++++ Information provided ++++

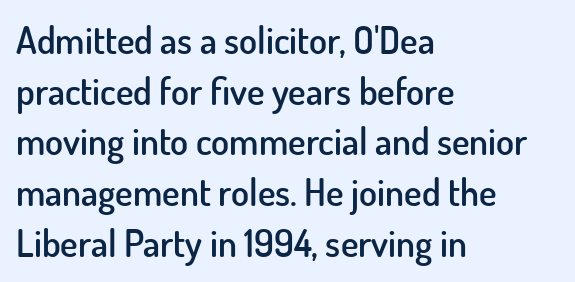
The passage shown has conventional tracking throughout. Think of a printed novel: that variable character pitch is what you see here. The string is rendered with underlining switched off. This is moderately heavy type, rendered in semibold. Baseline-to-baseline distance is the conventional proportion of letter height.
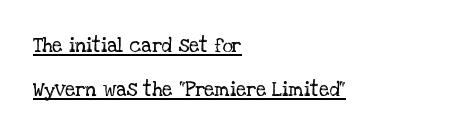
The image shows 20 px text type, upright; set left-aligned, loose line spacing (2.21x), normal letter spacing, underlined.
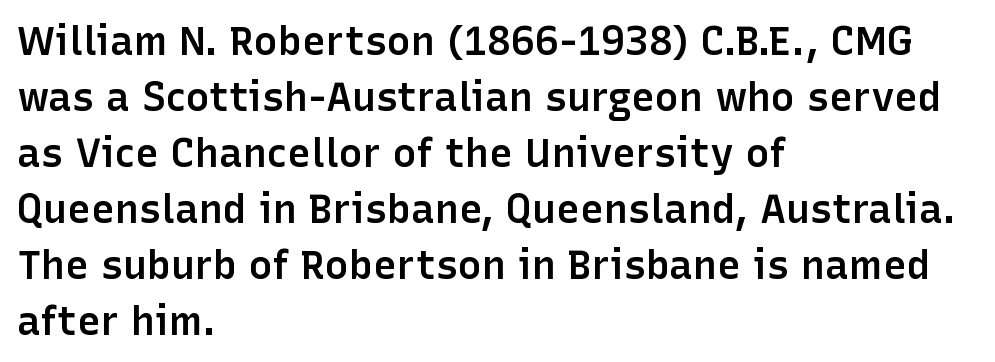
{"serif": "no", "italic": "no", "bold": "semi", "weight": "semibold", "width": "normal", "stroke_contrast": "low", "x_height": "medium", "monospaced": "no", "underline": "no", "align": "left", "line_spacing": "normal", "line_spacing_ratio": 1.4, "letter_spacing": "normal", "letter_spacing_em": 0.0, "glyph_px": 40}

++++

Exact lines, nothing more: output the one with "The image shows" and every later line through the end of the data, skipping pictures.

▶ _Exercise answer_:
The image shows 20 px text type, upright; set left-aligned, loose line spacing (2.21x), normal letter spacing, underlined.
{"serif": "no", "italic": "no", "bold": "semi", "weight": "semibold", "width": "normal", "stroke_contrast": "low", "x_height": "medium", "monospaced": "no", "underline": "no", "align": "left", "line_spacing": "normal", "line_spacing_ratio": 1.4, "letter_spacing": "normal", "letter_spacing_em": 0.0, "glyph_px": 40}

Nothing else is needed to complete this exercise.